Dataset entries
┌──
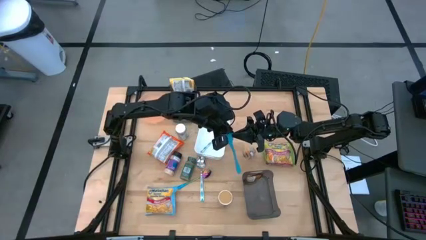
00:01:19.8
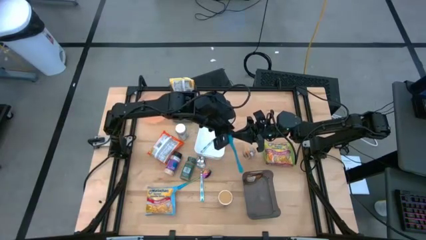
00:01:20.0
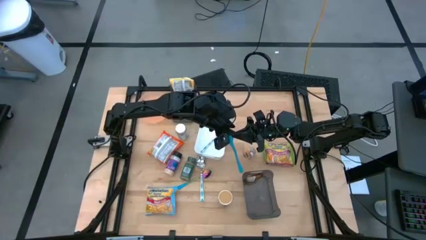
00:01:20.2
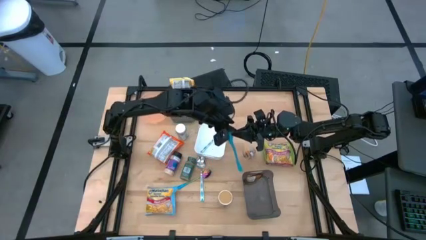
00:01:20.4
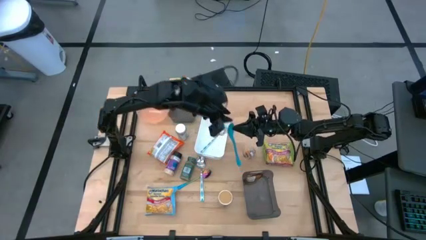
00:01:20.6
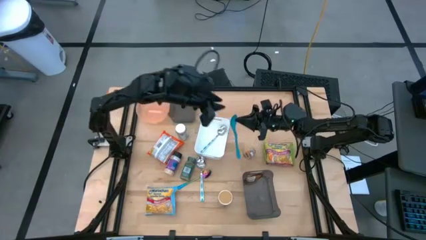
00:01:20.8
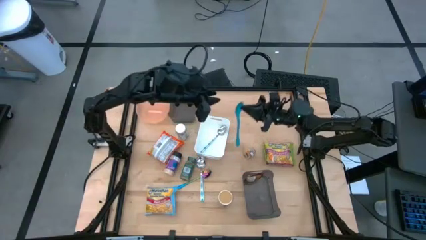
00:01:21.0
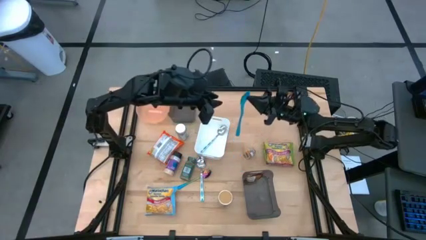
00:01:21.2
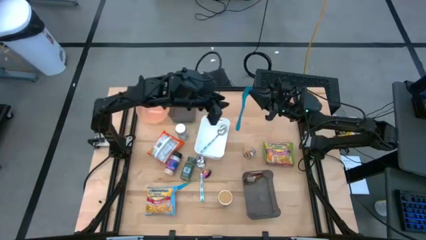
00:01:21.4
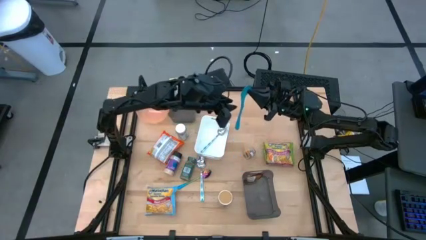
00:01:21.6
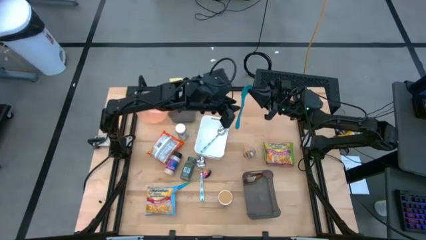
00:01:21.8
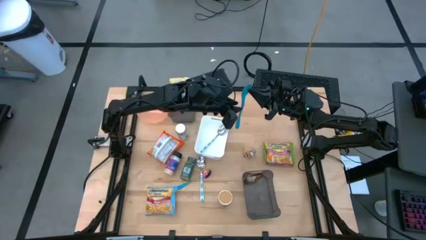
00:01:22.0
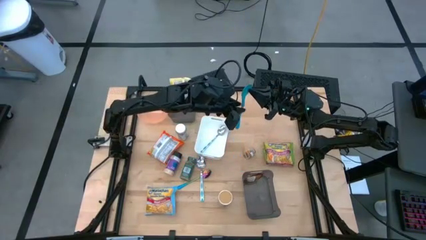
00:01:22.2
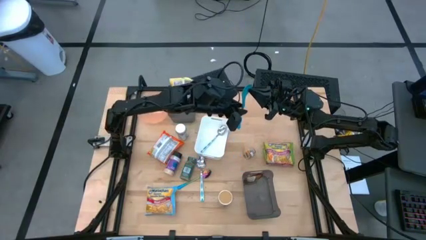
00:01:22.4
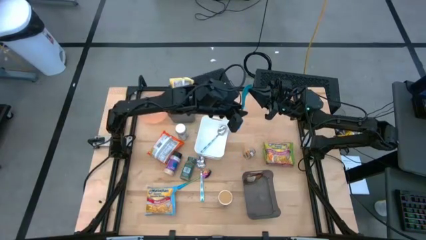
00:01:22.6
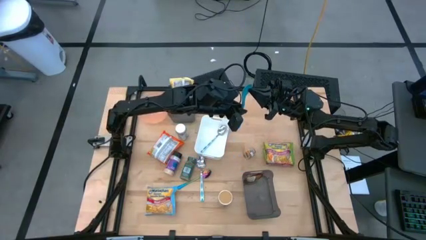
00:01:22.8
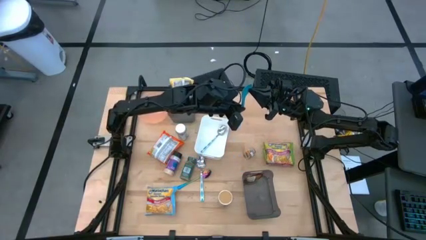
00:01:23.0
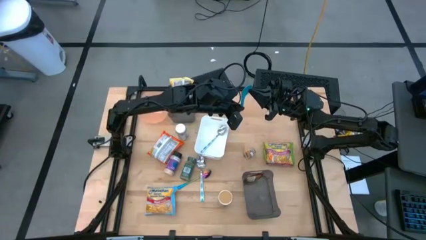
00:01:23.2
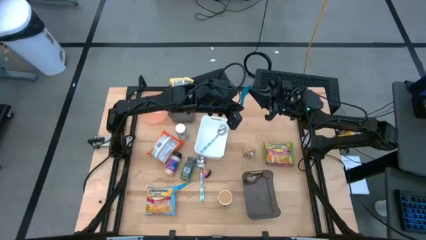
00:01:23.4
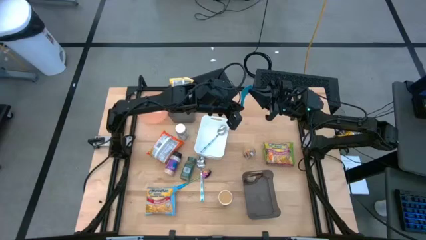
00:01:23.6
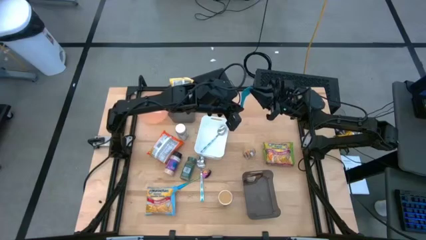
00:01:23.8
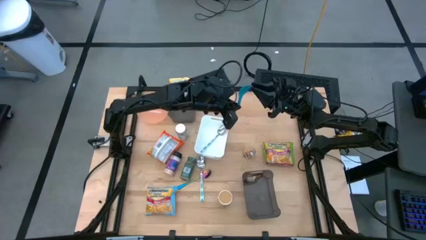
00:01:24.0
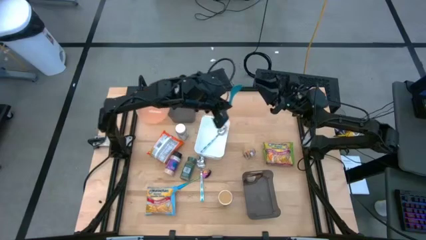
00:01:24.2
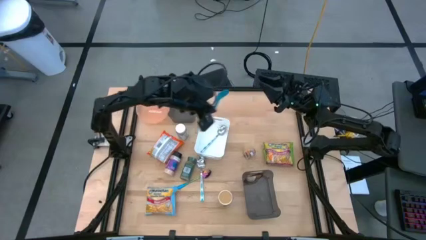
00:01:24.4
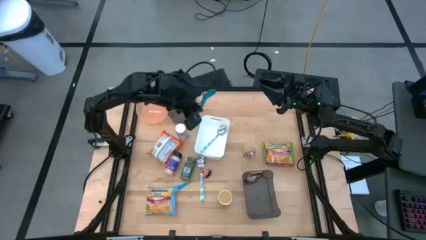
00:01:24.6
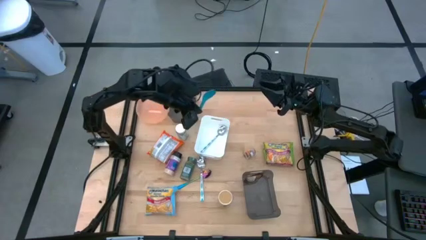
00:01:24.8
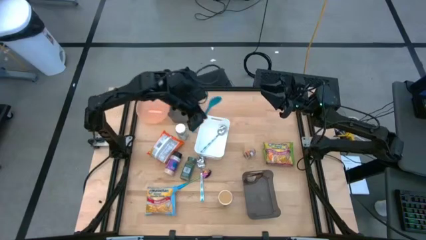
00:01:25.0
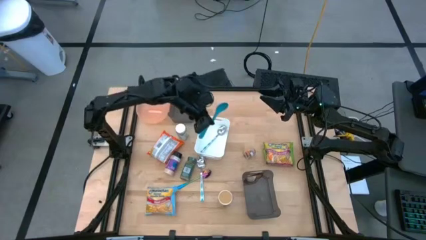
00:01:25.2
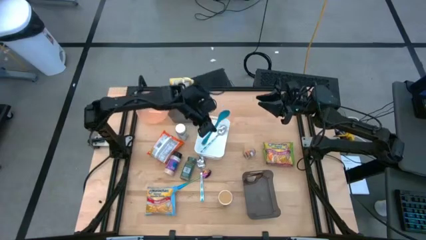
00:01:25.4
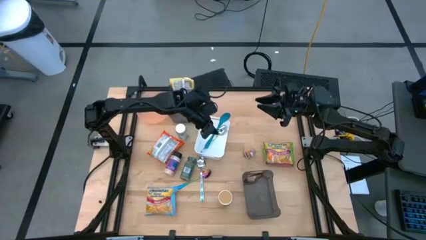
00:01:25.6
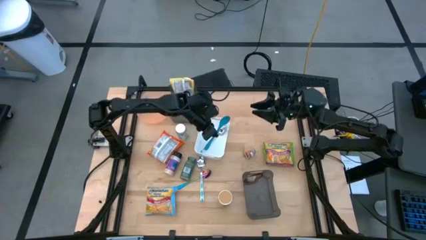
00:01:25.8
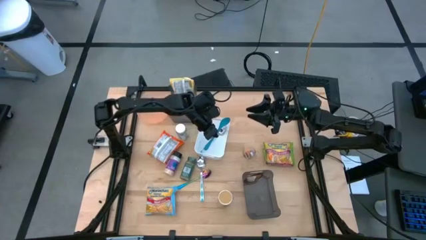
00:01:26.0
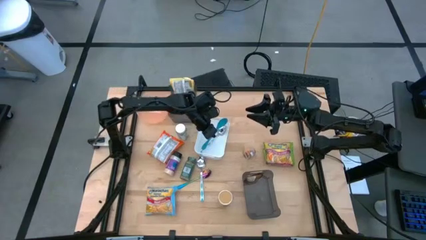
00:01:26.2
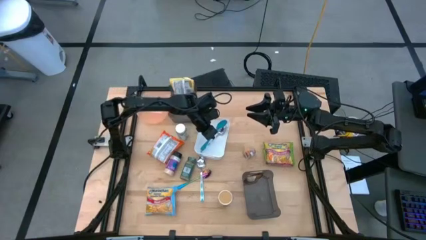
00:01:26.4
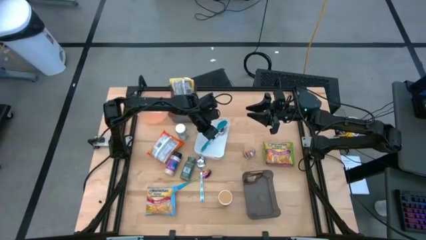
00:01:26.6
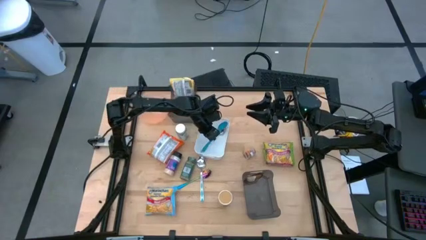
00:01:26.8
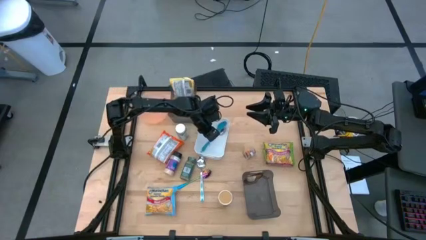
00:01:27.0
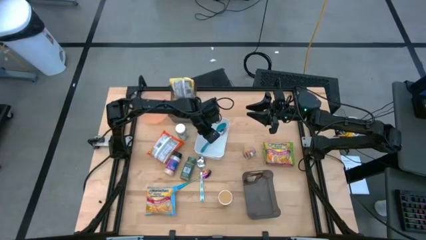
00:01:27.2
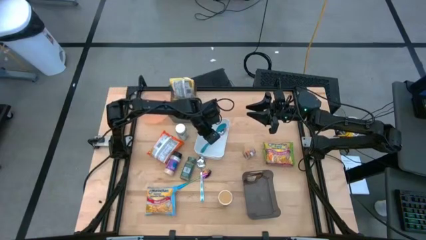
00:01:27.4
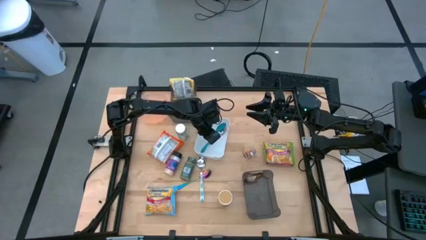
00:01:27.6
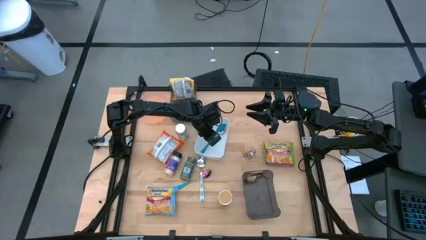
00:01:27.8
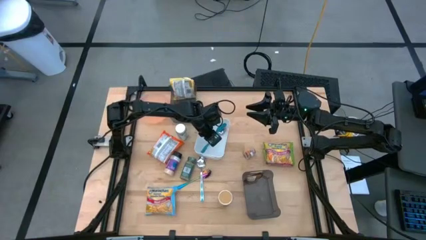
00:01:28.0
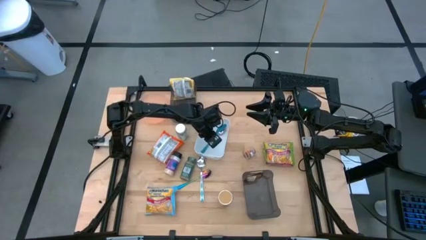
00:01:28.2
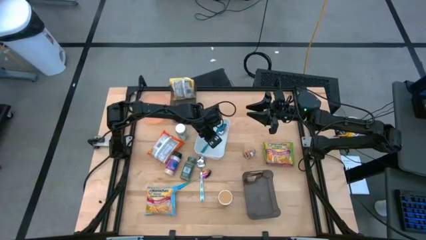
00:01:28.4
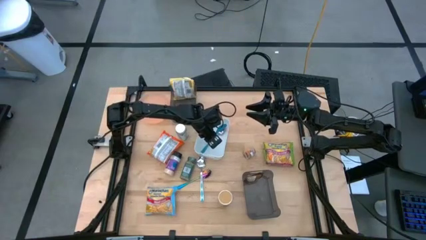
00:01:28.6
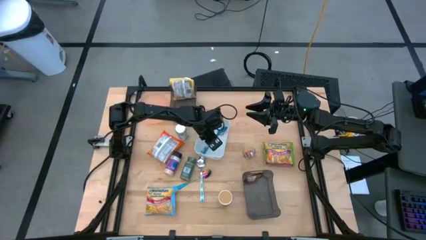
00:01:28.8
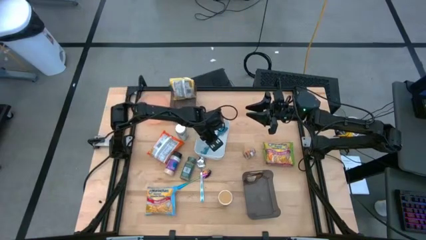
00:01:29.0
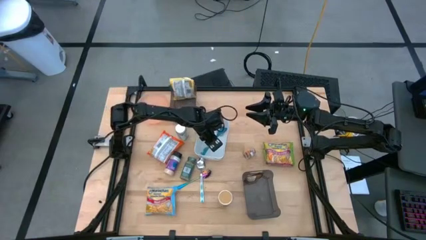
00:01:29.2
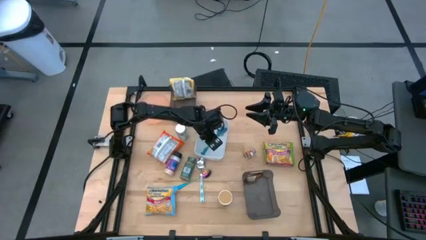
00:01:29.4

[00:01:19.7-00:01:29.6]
Put the blue baby spoon into the white bin
└──
_Task:_
Return every entry word for word, leaving the pictures out.

_Output for this exercise:_
00:01:19.8
00:01:20.0
00:01:20.2
00:01:20.4
00:01:20.6
00:01:20.8
00:01:21.0
00:01:21.2
00:01:21.4
00:01:21.6
00:01:21.8
00:01:22.0
00:01:22.2
00:01:22.4
00:01:22.6
00:01:22.8
00:01:23.0
00:01:23.2
00:01:23.4
00:01:23.6
00:01:23.8
00:01:24.0
00:01:24.2
00:01:24.4
00:01:24.6
00:01:24.8
00:01:25.0
00:01:25.2
00:01:25.4
00:01:25.6
00:01:25.8
00:01:26.0
00:01:26.2
00:01:26.4
00:01:26.6
00:01:26.8
00:01:27.0
00:01:27.2
00:01:27.4
00:01:27.6
00:01:27.8
00:01:28.0
00:01:28.2
00:01:28.4
00:01:28.6
00:01:28.8
00:01:29.0
00:01:29.2
00:01:29.4

[00:01:19.7-00:01:29.6]
Put the blue baby spoon into the white bin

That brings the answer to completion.